Early the next morning we drove about an hour to the ruins at Xanthos, a UNESCO World Heritage Site. Xanthos dates back to the eighth century B.C. (some believe it goes back even further, to the Bronze or Iron age). The ruins are vast and still only partially uncovered. Even with Necla’s help, it was hard to understand just what we were looking at. We walked a lot and took photos, then returned to the car.

Toward noon, we reached the beautiful little village of Kalkan. Hugging a small cove, Kalkan’s white Ottoman houses with vines of red bougainvillea made the view spectacular, especially against the deep-blue waters of the Mediterranean. Its tiny mosque with minaret was white as snow.

Fishermen were painting little boats, and people were sunning themselves on the small beach; expensive gulets and yachts were moored nearby.

But Kalkan has been discovered by foreign tourists. Prices were high in the restaurants, and a pricey large, modern hotel had just opened on the hillside.

Leaving Kalkan, we encountered a stunning stretch of ocean drive that reminded me of California’s Highway 1 between San Luis Obispo and Carmel. The road ran high above the ocean, with only a few narrow roadside turnouts. Just offshore, small islands were visible from time to time.

Access to the ocean itself was limited, but the few beaches we encountered, while small, were lovely. Parking was roadside and a bit hazardous.

Kekova and Myra

Our next stop was Kekova, a little village on a small bay containing submerged ruins of an ancient town and port. We went to the floating docks to hire a boat to visit the underwater ruins, clearly visible in the crystal-clear waters.

We encountered this woman and her goats on our trip through Turkey. She happily posed for us.

The captain told us the ruins were submerged after an earthquake, but Necla said the ruins were really underwater because of the rising level of the Mediterranean over the years. Again, with regrets, we had to hurry along.

After an hour’s drive, we entered the town of Myra with two things in mind to see. The first was the eighth-century Church of St. Nicholas, a lovely church building with high vaulted ceilings and well-preserved murals.

We were surprised to learn that this St. Nicholas was the same St. Nicholas we think of at Christmastime; nearby Patara was his birthplace. He is the patron saint of children, sailors and, strangely, pirates, even though it was pirates who stole his relics from the church in 1087.

The other thing we wanted to see was located just a few blocks away. Dating from Roman times, this stone theater once sat 8,000 people. Next to the theater was a large, dark wall with another wonderful rock tomb.

Finike

It had been a long day, so we hurried 30 minutes down the road to our accommodations for the night in Finike. Our driver, Mustafa, had made reservations for us at a friend’s hotel and restaurant, Finike 2000 (www.hotelfinike2000.com).

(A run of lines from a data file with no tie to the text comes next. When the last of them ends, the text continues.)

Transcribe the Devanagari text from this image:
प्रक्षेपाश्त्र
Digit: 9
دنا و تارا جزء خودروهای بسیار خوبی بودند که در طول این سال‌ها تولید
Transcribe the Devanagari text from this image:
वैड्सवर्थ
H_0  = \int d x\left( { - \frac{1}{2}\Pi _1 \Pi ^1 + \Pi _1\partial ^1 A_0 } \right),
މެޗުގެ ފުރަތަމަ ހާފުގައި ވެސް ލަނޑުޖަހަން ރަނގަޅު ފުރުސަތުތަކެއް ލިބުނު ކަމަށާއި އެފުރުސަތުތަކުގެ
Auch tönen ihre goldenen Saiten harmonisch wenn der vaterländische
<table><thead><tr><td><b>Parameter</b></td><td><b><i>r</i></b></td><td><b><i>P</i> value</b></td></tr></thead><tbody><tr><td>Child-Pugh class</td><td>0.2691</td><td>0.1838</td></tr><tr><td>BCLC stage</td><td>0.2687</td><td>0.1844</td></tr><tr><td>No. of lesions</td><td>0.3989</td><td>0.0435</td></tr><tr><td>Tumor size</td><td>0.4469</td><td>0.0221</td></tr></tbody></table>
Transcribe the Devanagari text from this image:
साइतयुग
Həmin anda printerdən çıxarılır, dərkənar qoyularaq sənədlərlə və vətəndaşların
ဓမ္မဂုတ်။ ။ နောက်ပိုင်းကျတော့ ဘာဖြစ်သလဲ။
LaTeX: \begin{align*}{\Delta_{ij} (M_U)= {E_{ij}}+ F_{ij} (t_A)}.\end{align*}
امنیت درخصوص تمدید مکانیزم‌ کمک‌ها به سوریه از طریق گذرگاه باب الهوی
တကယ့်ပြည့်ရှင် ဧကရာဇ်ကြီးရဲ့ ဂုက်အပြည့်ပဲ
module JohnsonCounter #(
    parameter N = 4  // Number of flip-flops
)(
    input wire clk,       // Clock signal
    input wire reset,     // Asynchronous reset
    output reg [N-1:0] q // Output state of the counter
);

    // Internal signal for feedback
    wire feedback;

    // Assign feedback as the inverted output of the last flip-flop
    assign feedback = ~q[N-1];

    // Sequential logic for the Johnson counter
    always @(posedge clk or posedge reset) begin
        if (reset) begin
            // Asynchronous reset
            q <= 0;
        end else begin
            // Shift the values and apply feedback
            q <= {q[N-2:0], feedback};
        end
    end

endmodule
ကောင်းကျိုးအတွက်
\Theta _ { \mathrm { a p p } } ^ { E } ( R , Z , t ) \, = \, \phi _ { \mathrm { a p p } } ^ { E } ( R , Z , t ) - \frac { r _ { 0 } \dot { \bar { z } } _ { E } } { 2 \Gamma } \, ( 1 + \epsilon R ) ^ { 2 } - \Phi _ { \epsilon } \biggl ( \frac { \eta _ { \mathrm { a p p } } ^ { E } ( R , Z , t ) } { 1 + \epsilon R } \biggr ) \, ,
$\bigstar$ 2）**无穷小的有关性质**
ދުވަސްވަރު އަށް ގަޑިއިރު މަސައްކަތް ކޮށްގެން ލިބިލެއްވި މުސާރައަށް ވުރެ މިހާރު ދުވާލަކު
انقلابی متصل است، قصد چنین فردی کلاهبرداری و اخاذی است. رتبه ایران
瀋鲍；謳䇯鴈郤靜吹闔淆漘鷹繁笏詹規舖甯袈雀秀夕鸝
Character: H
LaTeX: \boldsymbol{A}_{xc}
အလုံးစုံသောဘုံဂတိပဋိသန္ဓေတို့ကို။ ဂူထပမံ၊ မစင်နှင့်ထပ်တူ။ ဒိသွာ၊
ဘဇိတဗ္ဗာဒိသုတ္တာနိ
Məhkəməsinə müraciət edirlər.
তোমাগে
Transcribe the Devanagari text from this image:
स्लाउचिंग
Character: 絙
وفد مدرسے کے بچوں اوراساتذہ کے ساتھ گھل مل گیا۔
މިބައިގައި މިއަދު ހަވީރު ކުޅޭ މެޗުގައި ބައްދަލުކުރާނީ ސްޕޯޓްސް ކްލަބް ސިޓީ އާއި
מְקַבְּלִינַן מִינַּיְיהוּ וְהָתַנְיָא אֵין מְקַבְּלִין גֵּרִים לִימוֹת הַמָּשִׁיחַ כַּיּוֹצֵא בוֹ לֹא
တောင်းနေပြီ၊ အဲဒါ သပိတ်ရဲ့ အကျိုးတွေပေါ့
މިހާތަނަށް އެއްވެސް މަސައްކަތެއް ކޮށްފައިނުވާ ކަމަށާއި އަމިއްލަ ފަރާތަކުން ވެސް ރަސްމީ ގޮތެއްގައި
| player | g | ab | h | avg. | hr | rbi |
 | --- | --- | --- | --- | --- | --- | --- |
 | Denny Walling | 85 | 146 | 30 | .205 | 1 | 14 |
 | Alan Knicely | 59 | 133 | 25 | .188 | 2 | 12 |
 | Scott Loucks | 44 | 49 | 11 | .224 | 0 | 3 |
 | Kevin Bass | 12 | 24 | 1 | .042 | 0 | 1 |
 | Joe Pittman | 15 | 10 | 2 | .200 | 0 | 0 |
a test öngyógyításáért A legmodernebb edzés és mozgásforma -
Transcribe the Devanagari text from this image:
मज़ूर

Our room was large and clean and had a great view of the harbor. The restaurant’s food was excellent. The prices were good, too; the room was about $40 for two, including breakfast.

Back to Kus¸adasi

The next morning we left early for Kus¸adasi. In the interest of time, and wanting to see new parts of Turkey, we had Mustafa take an inland route to the city.

At first our drive took us through narrow valleys bordered by high, desolate mountains. After an hour or so, small finger-like valleys started to appear and things turned more agricultural. The closer we got to Kus¸adasi, the more developed and populated the area became.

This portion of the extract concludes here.